(Collected data)
○ ○ ○

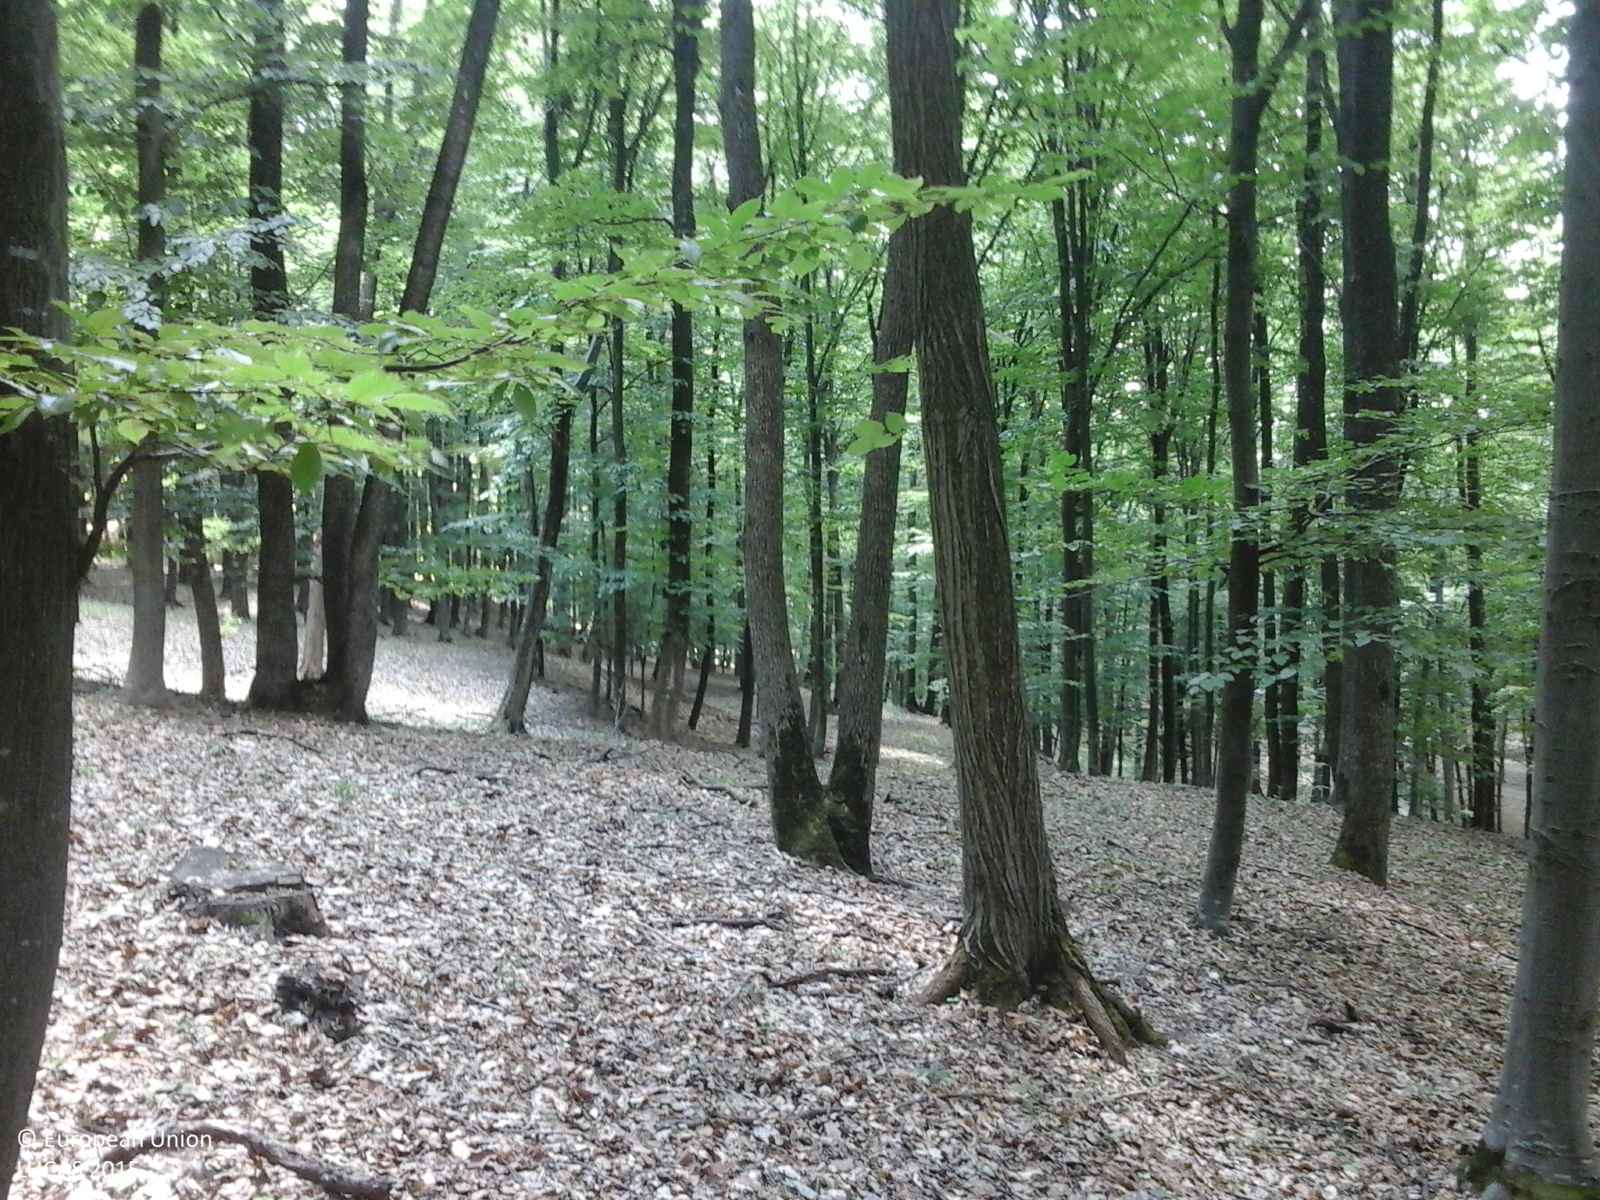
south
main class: Woodland
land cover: Broadleaved woodland
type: mesophytic deciduous forest
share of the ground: > 75 %
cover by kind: broadleaved forest trees 100 %
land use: Forestry
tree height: > 5 m
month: June
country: RO
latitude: 46.4057
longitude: 27.1528
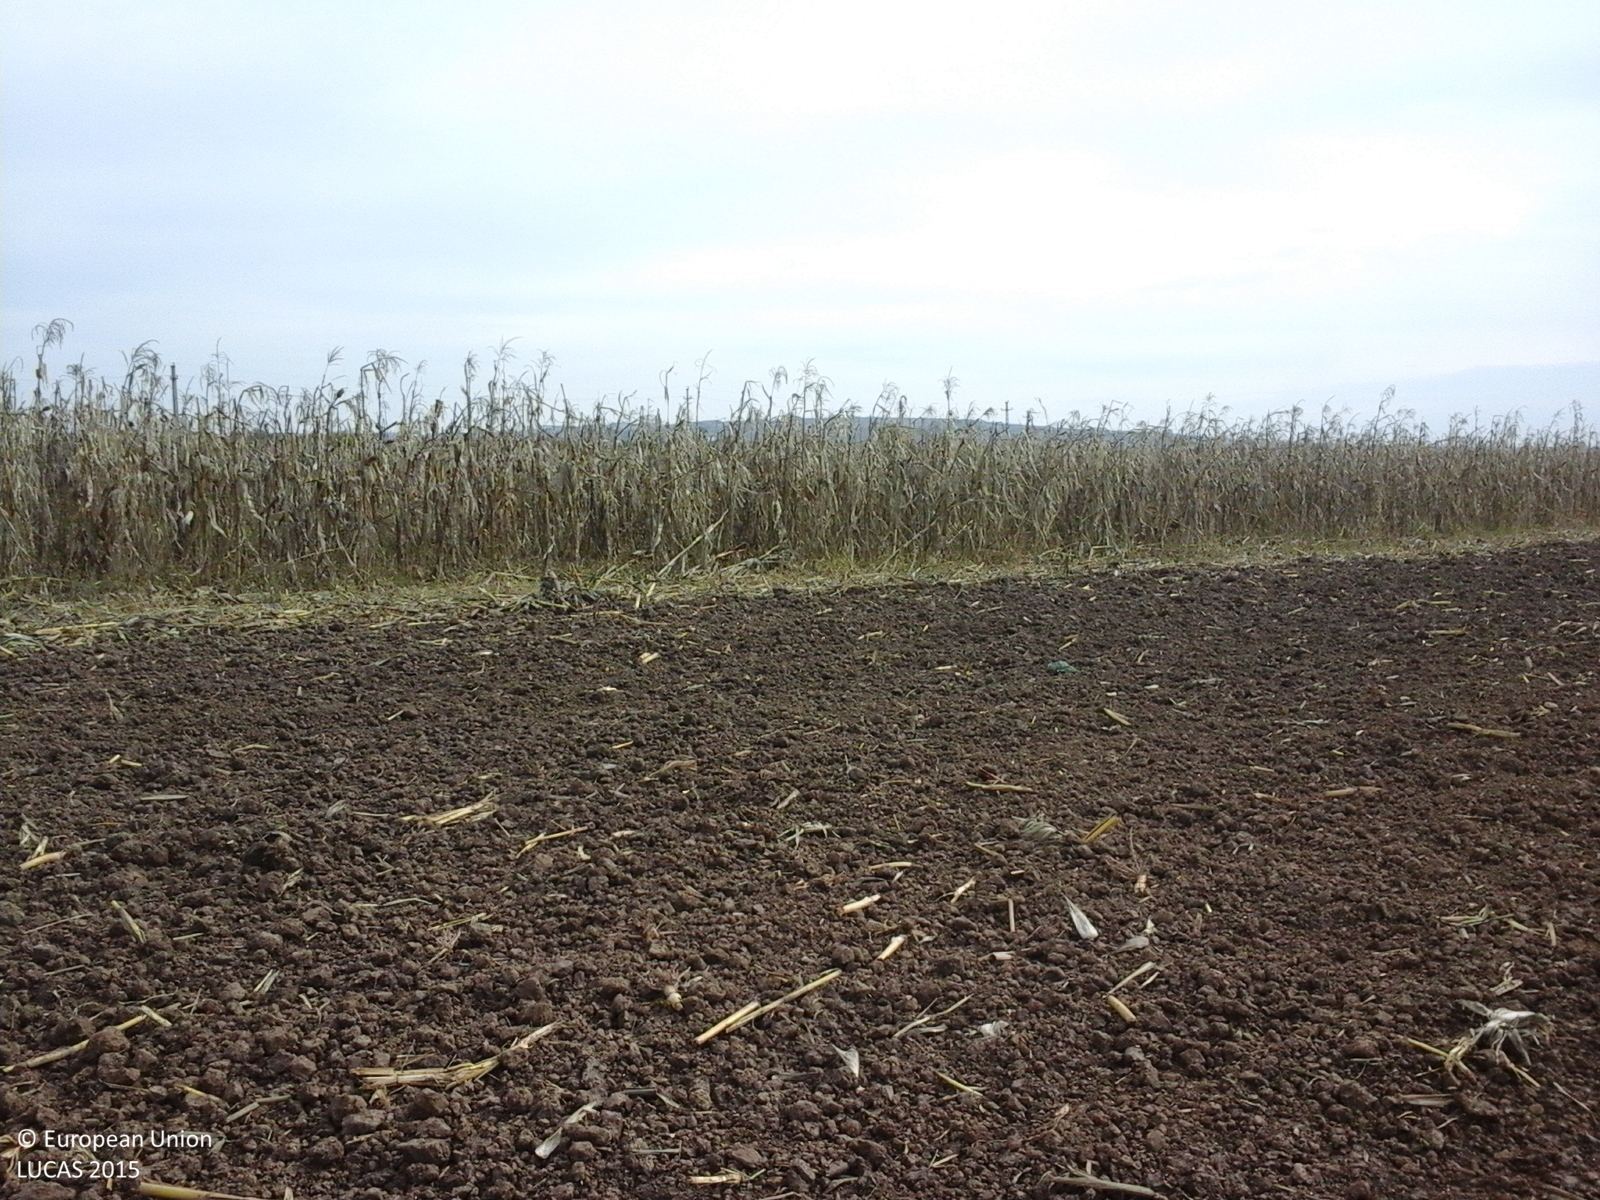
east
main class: Cropland
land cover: Maize
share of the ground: < 10 %
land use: Agriculture (excluding fallow land and kitchen gardens)
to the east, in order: Maize; Other bare soil; Common wheat; Maize; Spontaneously vegetated surfaces; Maize; Electric lines; Maize; Tracks; Spontaneously vegetated surfaces
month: October
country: RO
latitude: 44.9998
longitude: 26.0556
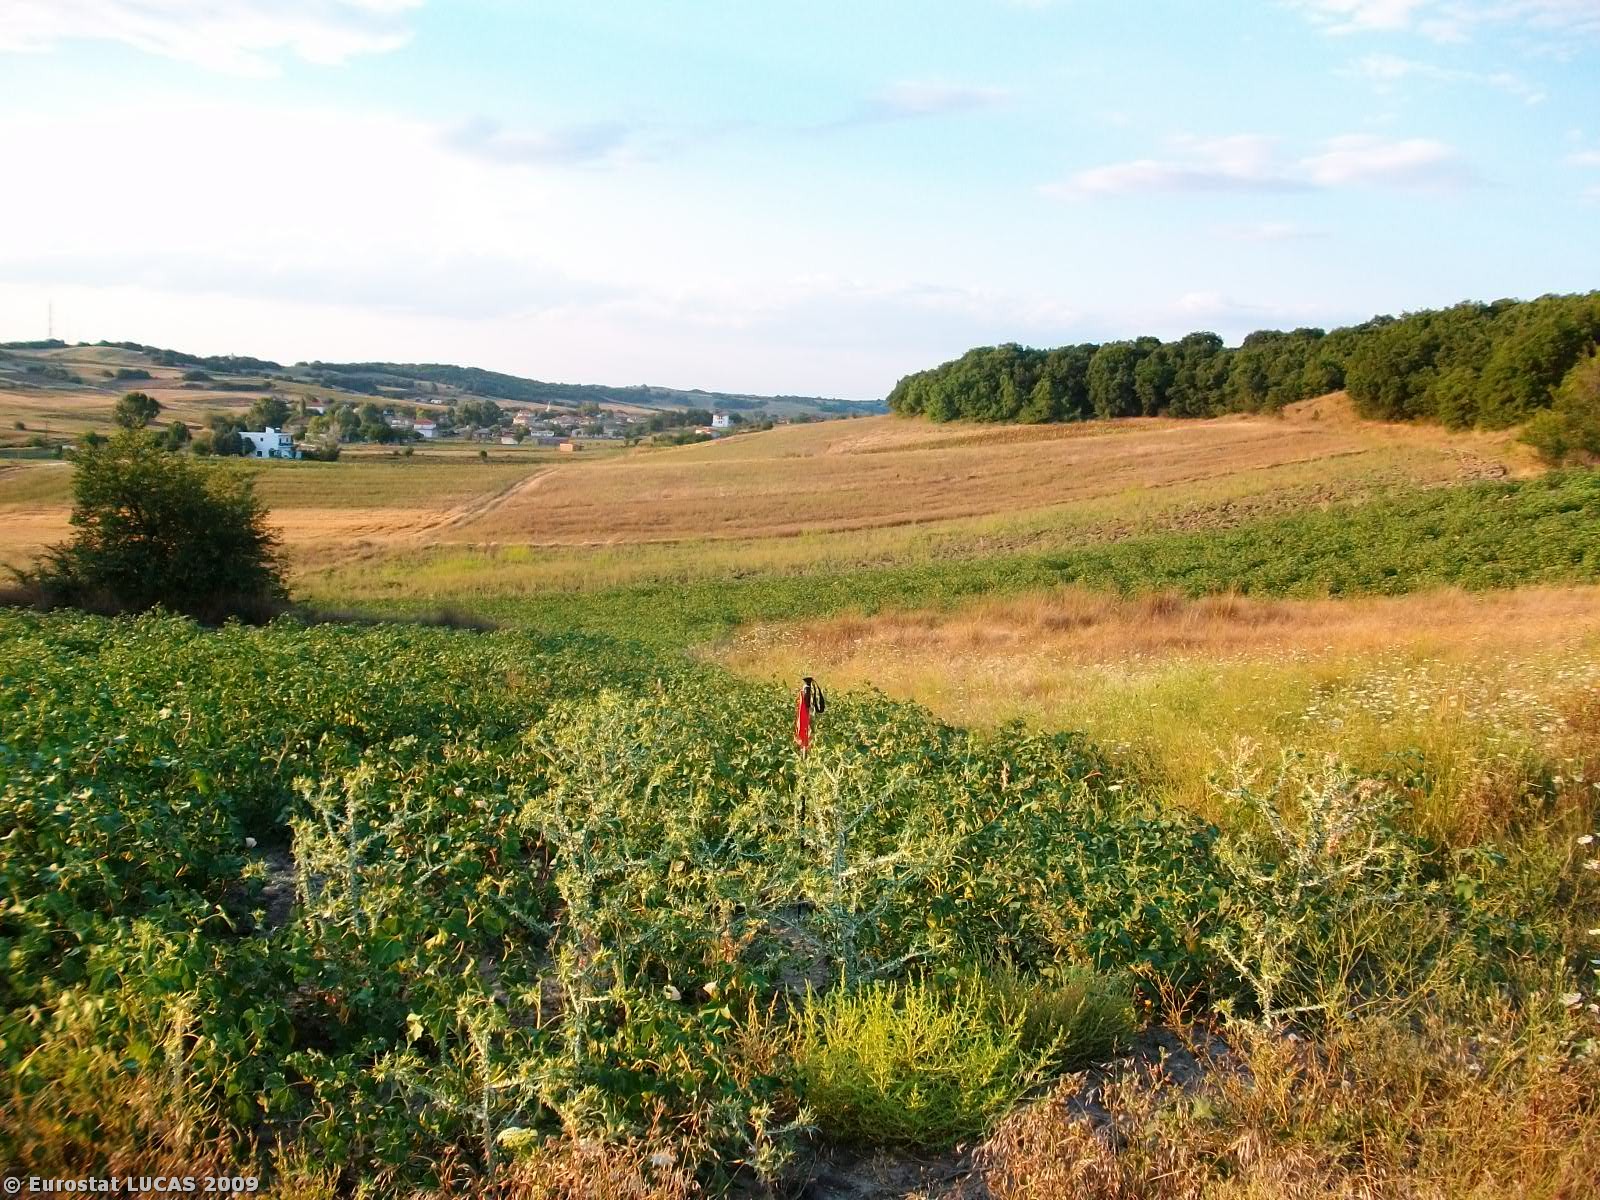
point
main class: Cropland
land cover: Cotton
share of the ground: 50 - 75 %
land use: Agriculture (excluding fallow land and kitchen gardens)
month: August
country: GR
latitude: 41.3944
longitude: 26.4250
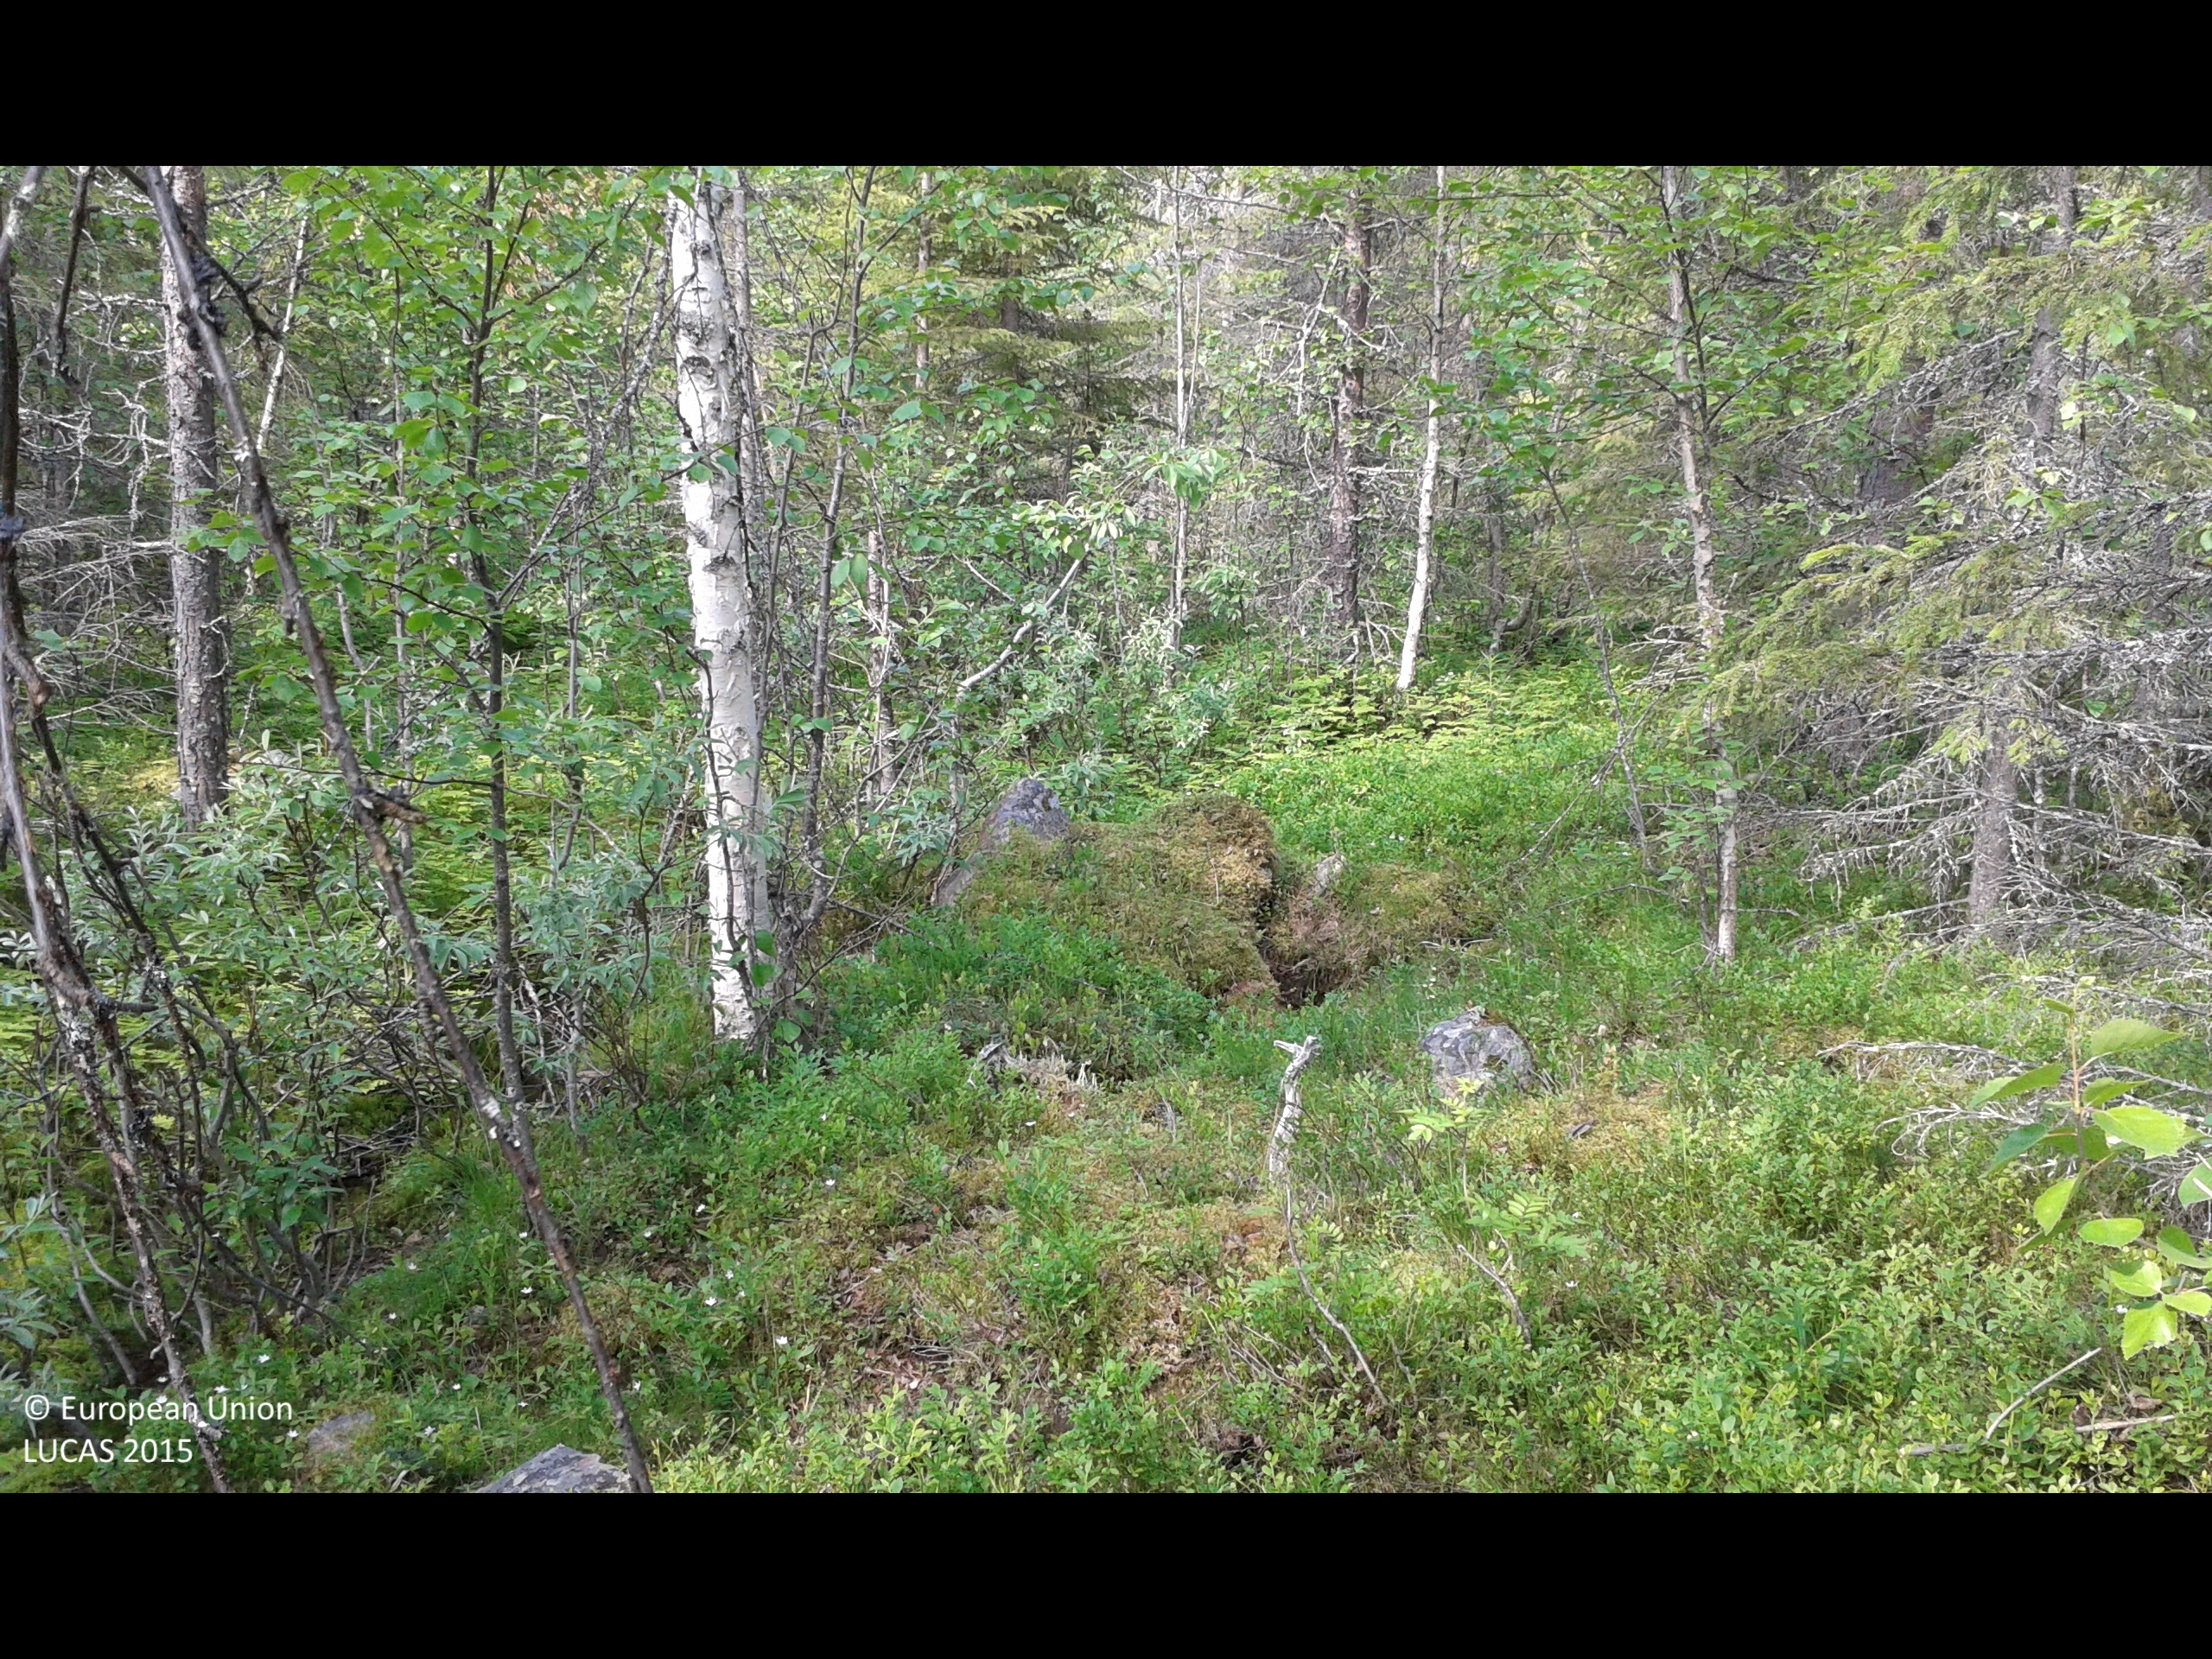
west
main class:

○ ○ ○

## Instructions for the task
The pictures in the entries above should be left out; all else must be copied exactly.

## Reply
south
main class: Woodland
land cover: Broadleaved woodland
type: mesophytic deciduous forest
share of the ground: > 75 %
cover by kind: broadleaved forest trees 100 %
land use: Forestry
tree height: > 5 m
month: June
country: RO
latitude: 46.4057
longitude: 27.1528
east
main class: Cropland
land cover: Maize
share of the ground: < 10 %
land use: Agriculture (excluding fallow land and kitchen gardens)
to the east, in order: Maize; Other bare soil; Common wheat; Maize; Spontaneously vegetated surfaces; Maize; Electric lines; Maize; Tracks; Spontaneously vegetated surfaces
month: October
country: RO
latitude: 44.9998
longitude: 26.0556
point
main class: Cropland
land cover: Cotton
share of the ground: 50 - 75 %
land use: Agriculture (excluding fallow land and kitchen gardens)
month: August
country: GR
latitude: 41.3944
longitude: 26.4250
west
main class:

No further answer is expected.